In Lexia’s case, Gaehde says there was a lot happening around the transition, and that was a lot for everyone to process. “Yeah, it was certainly a lot to take in. I mean being acquired and then with Rosetta being sold within a very small period of time was a lot of change,” he said.

But both companies worked together to make the transition as smooth as possible under the circumstances. “I would say it was an open and collaborative process. It took into account principles of do no harm to our customers and do no harm to our employees, and being careful to do the kind of integration work that we needed to do,” he said. The company actually kept their old benefits package in place all last year and only switched to Cambium’s starting this year.

Gonnering says some things will be open for discussion and others that won’t, and you can complain, but it’s not going to change anything. That was the message he gave his people: They had to pick their battles where it made sense.

“We really started thinking early on as an executive team around what the matrix of openness and collaboration was going to look like,” he said. That meant knowing which things were open to discussion and which they were just going to have to accept.

He gives an example of when they had to accept the changes that came with the Acquia benefits package, but they had a discussion around tooling. The company remains an independent brand even while it’s being folded into Acquia, and they could push for certain tools that made sense for helping them continue to build the new business and help Acquia see the value in using them too.

Becoming a whole

The hardest thing appears to be moving on from the company you were and becoming whatever the acquiring company expects from you, and learning to work in that larger organization.
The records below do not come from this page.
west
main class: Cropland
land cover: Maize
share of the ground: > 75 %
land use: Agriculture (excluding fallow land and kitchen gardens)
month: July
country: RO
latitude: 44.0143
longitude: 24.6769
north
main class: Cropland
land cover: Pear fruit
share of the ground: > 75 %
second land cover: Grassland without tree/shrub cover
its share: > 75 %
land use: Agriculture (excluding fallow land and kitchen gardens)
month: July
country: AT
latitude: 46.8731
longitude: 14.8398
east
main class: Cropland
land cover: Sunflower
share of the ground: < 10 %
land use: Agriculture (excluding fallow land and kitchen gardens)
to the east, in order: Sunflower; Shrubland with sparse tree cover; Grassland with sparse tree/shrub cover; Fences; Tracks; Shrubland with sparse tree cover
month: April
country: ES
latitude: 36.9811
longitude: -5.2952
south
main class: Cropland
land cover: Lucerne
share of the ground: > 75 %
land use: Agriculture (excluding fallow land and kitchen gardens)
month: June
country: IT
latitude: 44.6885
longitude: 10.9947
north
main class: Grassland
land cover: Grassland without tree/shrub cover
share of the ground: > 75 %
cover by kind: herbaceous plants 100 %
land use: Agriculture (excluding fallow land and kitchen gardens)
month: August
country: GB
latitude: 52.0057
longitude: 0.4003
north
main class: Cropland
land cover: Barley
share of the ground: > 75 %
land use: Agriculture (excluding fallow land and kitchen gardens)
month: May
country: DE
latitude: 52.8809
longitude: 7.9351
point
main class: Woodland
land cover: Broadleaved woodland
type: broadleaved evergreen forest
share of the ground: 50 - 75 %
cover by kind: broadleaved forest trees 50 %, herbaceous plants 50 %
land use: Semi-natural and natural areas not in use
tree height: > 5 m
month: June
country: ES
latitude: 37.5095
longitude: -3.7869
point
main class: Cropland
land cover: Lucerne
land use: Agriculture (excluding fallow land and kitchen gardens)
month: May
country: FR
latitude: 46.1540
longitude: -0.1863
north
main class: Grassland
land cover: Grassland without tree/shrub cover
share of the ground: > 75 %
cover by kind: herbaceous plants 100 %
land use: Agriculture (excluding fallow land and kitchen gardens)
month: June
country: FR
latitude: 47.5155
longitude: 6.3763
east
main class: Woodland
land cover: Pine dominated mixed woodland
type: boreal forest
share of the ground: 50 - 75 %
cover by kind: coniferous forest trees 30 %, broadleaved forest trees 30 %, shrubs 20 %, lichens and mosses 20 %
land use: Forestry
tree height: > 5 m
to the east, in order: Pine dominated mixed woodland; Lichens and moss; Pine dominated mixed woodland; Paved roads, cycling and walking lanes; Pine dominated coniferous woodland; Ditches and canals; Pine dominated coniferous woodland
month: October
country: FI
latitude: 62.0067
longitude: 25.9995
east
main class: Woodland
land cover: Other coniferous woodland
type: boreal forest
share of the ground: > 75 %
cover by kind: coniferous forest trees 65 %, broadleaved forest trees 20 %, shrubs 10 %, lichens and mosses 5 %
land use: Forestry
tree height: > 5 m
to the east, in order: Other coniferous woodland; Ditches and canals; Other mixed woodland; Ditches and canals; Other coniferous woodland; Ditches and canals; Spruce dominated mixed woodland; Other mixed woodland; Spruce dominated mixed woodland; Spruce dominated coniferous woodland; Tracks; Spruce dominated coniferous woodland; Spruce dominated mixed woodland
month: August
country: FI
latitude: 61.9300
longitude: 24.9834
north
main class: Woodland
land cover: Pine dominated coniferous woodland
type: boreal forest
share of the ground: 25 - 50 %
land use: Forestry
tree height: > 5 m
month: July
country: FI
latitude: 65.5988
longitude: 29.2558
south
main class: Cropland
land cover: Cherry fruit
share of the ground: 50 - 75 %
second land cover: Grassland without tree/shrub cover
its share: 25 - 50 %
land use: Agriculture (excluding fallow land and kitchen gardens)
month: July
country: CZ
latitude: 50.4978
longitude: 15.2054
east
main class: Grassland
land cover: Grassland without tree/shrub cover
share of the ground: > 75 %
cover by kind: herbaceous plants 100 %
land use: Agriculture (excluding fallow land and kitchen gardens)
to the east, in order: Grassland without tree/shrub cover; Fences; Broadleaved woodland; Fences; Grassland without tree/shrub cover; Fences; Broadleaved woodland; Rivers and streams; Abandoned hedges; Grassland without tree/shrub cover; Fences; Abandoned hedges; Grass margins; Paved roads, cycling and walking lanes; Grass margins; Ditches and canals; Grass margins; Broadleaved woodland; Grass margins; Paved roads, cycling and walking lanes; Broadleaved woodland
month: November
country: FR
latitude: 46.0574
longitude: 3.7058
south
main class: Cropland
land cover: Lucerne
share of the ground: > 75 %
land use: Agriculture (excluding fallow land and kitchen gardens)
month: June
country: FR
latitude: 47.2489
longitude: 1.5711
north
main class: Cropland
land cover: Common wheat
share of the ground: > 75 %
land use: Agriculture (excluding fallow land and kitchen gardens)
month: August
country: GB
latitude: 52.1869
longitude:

For Pathwire, being owned by a private equity company made transitioning to a new owner a little easier.

Lexia’s Gaehde says that it was a collaborative process with very little of the ‘we bought you so you have to do it our way’ mentality.

“I would say it was a tremendous partnership, and they always focused on who are the stakeholders within the company who need to come together to make these decisions, and who understands the implications of the decisions we’re making. I think that’s the reason, from a cultural standpoint, it worked so well,” he said.

Gonnering said Acquia could easily have taken the stance that it was buying them for the revenue and would impose its will on them, but that’s not what happened.

“They’ve been open to all the things we’ve done across all the capabilities that we’ve built up. Having that openness has been [important] to convince the rest of the organization that they didn’t just acquire us for the revenue. They actually acquired us for the talent, for the processes that we put in place, and then to see it play out and provide evidence that it’s really true, is a really powerful thing.”

Conway says that when they were part of Thoma Bravo, there was a really rigid, templatized way of reporting revenue and progress every month, and it was hard to conform to that. When he got to Sinch, he was pleased to find a lot more flexibility in thinking and approach.

“With Sinch, we are not constrained by the same elements [as at Thoma Bravo]. You know, you can go into the conversation and effectively make an argument not just for how you should be reporting, but how the broader company should be reporting. So there’s a lot less that is ingrained, which means there’s more discussion,” he said.

As these three companies show, each acquisition is going to be a bit different, even though navigating the experience is always going to be challenging. However, as these companies tell it, they were able to maintain their identity to an extent, participate in the process and feel heard.

It was probably not always perfect, and there were likely conflicts that they had to work through, but these experiences suggest that if you’re going to be acquired, maybe it doesn’t always have to suck more than you expect.